Put lots of weight on the metric pulses (the “anchor” notes): play them long, loud, and with emphasis. Hold each fermata long enough to scope out the next four notes, then move through them as quickly as you accurately can, coming to rest again on the next fermata. Repeat the passage in this way as many times as you can stand.

Here’s what this accomplishes:

  • It makes you think about logical groups of notes, rather than trying either to process each note individually or to deal with the whole phrase as an overwhelming sea of notes. It’s the sweet spot between too much mental chatter and too little focus.
  • It encourages effective phrasing by treating the notes as leading toward downbeats.
  • It trains your ears to hear the notes in fours (at least in this 2/4 passage—try threes instead if the situation calls for it). Now as you return to playing the passage evenly, you are more likely to notice if you are omitting or adding notes.
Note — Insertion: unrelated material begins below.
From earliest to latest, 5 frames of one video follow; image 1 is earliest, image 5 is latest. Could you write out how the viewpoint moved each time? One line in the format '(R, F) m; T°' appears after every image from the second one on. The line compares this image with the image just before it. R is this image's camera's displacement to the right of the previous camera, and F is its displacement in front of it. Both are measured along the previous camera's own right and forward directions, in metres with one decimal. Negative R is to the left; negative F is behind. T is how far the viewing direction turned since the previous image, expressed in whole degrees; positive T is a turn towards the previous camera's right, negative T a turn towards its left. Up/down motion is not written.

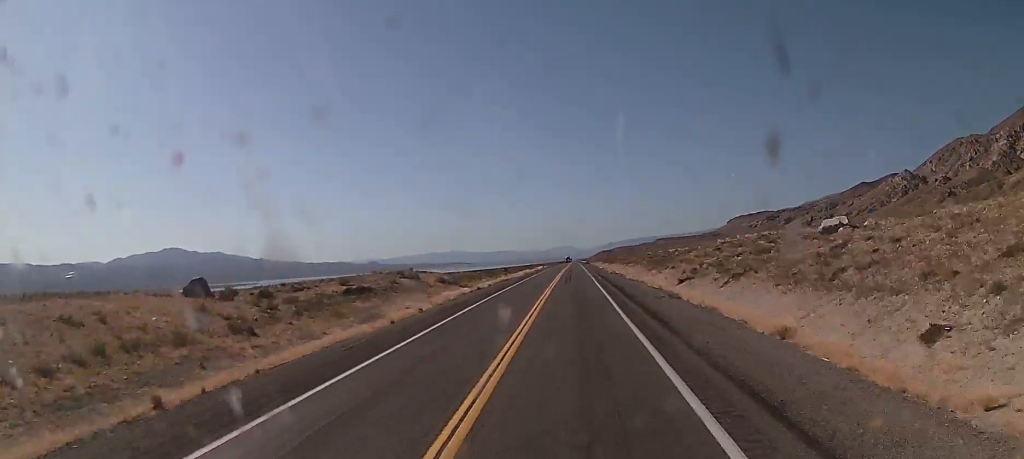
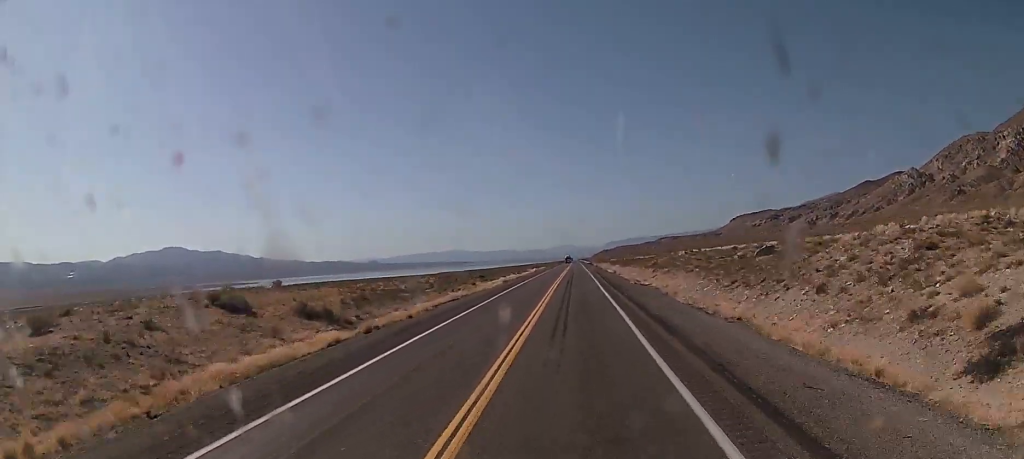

To transition from this technique into a more performable approach, gradually decrease the duration of the fermatas and the weight of the accents, while continuing to mentally emphasize the anchor notes and place them carefully in tempo (time to get the metronome back out). Also try spacing the anchors farther apart as an intermediate step—one at the beginning of each measure, for example, or every few measures as appropriate.

Practice smart!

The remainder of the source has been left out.